Children’s lockdown stories wanted for time capsule

A panel of children’s authors, including Liverpool-based Natalie Reeves Billing, are to help choose lockdown stories, poems and pictures from children aged 3-17 for the digital project. Tony McDonough reports

Social entrepreneur and children’s author, Natalie Reeves Billing is taking part in the project

 

Liverpool-based children’s author Natalie Reeves Billing is to help choose lockdown stories from young people to be preserved in a digital time capsule.

Children aged between three and 17 are being asked to reflect on and share their experiences of life during the COVID-19 lockdown. The chosen submissions will be  displayed on a dedicated Children of Lockdown website to be preserved as a digital time capsule by the British Library in the UK Web Archive.

The submissions can be in a number of forms, including stories, poems or pictures. It will enable children in the future will be able to see and understand what life was like during this unprecedented time, through the eyes of the children of today.

There is also a competition to find the most creative response in each age category, to be judged by five children’s authors: Natalie Reeves Billing, Nicola J Rowley, Janey Jones, Sandra Horn and Rhys Brisenden. Winners in each age category will receive National Book Tokens.

Natalie, author of My Mummy is a Monster: My Children Arte Monsters, published in May, said: “Having a record of how we lived and how we coped as a nation will inspire generations to come. Our children will become a recorded part of that history. Children have so much to say, and expressing themselves subconsciously via storytelling is the perfect way to unlock that message they wish to deliver.

“Not every child can find the right way to frame their feelings about lockdown but art and creative writing can give them that outlet and the digital time capsule gives children a platform to share their feelings on the world right now.

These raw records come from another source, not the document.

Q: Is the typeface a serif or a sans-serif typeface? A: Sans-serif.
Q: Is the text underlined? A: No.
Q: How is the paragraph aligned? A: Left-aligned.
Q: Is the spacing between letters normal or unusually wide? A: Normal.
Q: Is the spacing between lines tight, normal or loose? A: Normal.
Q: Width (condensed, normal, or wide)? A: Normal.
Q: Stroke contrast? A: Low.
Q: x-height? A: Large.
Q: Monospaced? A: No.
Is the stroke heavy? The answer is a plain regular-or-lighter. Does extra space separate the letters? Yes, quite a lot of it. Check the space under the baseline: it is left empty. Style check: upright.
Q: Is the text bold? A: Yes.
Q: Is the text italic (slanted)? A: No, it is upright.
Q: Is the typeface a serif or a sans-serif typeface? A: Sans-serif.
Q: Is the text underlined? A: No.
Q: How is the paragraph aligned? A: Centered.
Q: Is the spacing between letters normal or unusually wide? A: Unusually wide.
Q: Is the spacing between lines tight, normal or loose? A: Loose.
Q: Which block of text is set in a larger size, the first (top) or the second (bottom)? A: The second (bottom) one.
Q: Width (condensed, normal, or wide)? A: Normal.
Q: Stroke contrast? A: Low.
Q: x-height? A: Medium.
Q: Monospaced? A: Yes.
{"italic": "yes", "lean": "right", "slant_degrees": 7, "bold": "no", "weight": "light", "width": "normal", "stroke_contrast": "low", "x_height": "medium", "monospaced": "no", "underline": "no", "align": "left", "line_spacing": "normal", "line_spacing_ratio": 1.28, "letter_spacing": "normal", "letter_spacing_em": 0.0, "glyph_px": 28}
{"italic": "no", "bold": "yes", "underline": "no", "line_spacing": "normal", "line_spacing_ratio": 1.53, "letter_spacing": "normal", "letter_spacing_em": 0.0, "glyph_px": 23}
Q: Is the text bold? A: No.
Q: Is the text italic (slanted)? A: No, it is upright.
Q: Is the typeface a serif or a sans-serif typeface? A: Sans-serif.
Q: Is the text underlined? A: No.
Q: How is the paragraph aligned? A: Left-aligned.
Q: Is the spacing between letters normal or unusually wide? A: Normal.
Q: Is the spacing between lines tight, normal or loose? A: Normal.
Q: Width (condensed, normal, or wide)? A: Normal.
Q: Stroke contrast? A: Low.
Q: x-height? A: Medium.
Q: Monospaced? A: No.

“My social enterprise, Split Perspectivz, explores the importance of self-expression via storytelling of all forms. That ability to download information from our heads onto paper helps promote a well-balanced young person.

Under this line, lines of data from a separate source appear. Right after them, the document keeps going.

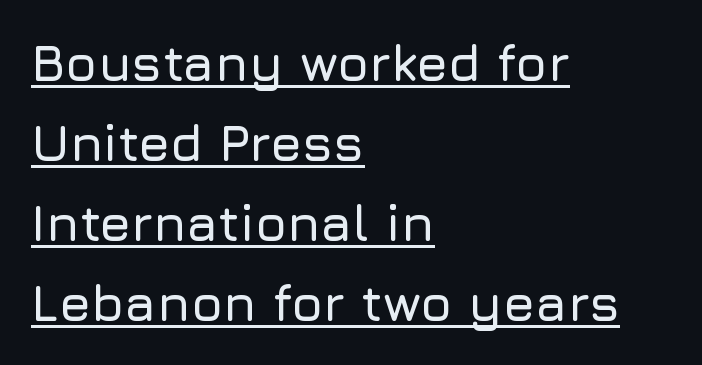
The image shows 51 px sans-serif type, upright; set left-aligned, normal line spacing (1.57x), normal letter spacing, underlined; low stroke contrast and a medium x-height.
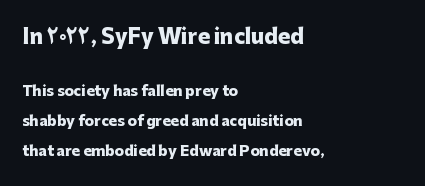
Q: Is the text bold? A: Yes.
Q: Is the text italic (slanted)? A: No, it is upright.
Q: Is the text underlined? A: No.
Q: How is the paragraph aligned? A: Left-aligned.
Q: Is the spacing between letters normal or unusually wide? A: Normal.
Q: Is the spacing between lines tight, normal or loose? A: Loose.
Q: Which block of text is set in a larger size, the first (top) or the second (bottom)? A: The first (top) one.
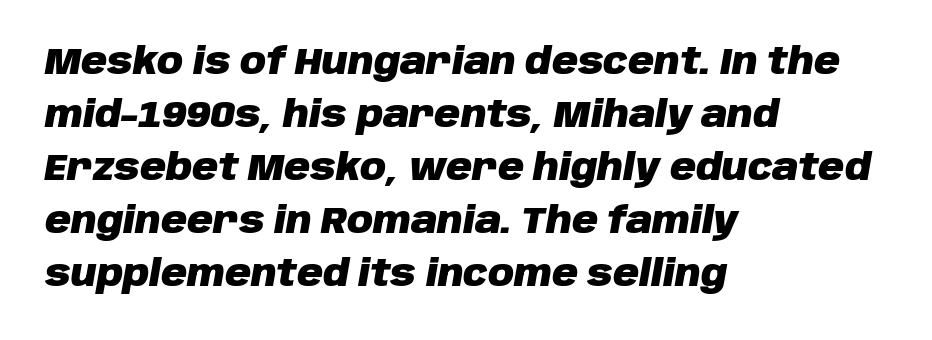
The image shows 36 px heavy type, italic (leaning right); set left-aligned, normal line spacing (1.47x), normal letter spacing, not underlined; low stroke contrast and a large x-height.
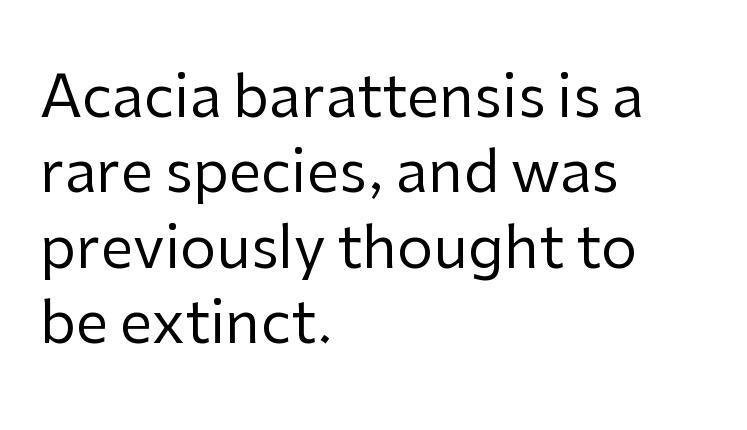
The image shows 58 px regular-weight sans-serif type, upright; set left-aligned, normal line spacing (1.3x), normal letter spacing, not underlined; low stroke contrast and a medium x-height.
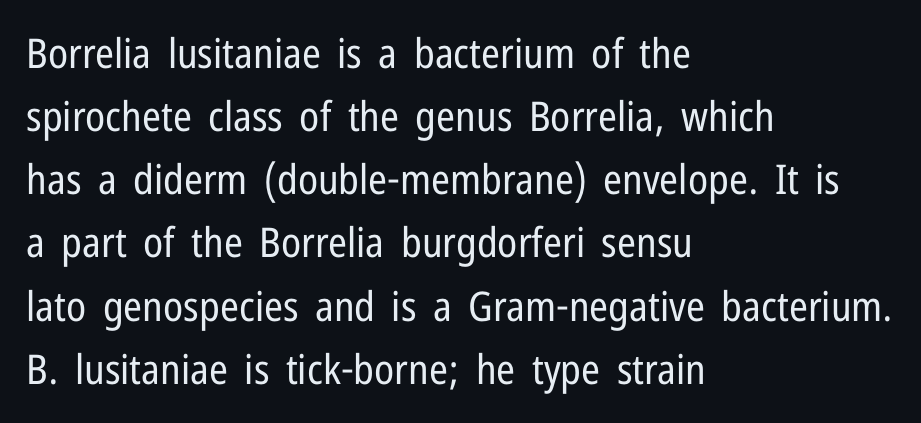
The image shows 41 px regular-weight, condensed sans-serif type, upright; set left-aligned, normal line spacing (1.54x), normal letter spacing, not underlined; low stroke contrast and a medium x-height.
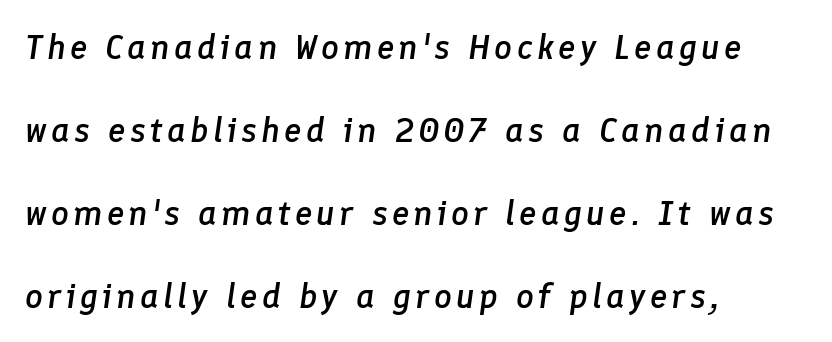
{"italic": "yes", "lean": "right", "slant_degrees": 8, "bold": "semi", "weight": "semibold", "width": "normal", "stroke_contrast": "low", "x_height": "medium", "monospaced": "no", "underline": "no", "align": "left", "line_spacing": "loose", "line_spacing_ratio": 2.37, "glyph_px": 35}

“Holding onto our feelings can be damaging, and many people forget that children feel worry, depression and anxiety too. With this project, children have that opportunity to put their experiences in one place, recounting and sharing it, and subconsciously, making sense of things.”

The project is the brainchild of Charlotte McMillan, founder of the digital scrapbook app Storychest. Charlotte heard about the British Library’s UK Web Archive, so she approached them with her idea of creating the Children of Lockdown digital time capsule.

Natalie urges all teachers and parents to encourage their children to start creating now, to be a part of this historic Children of Lockdown digital time capsule project.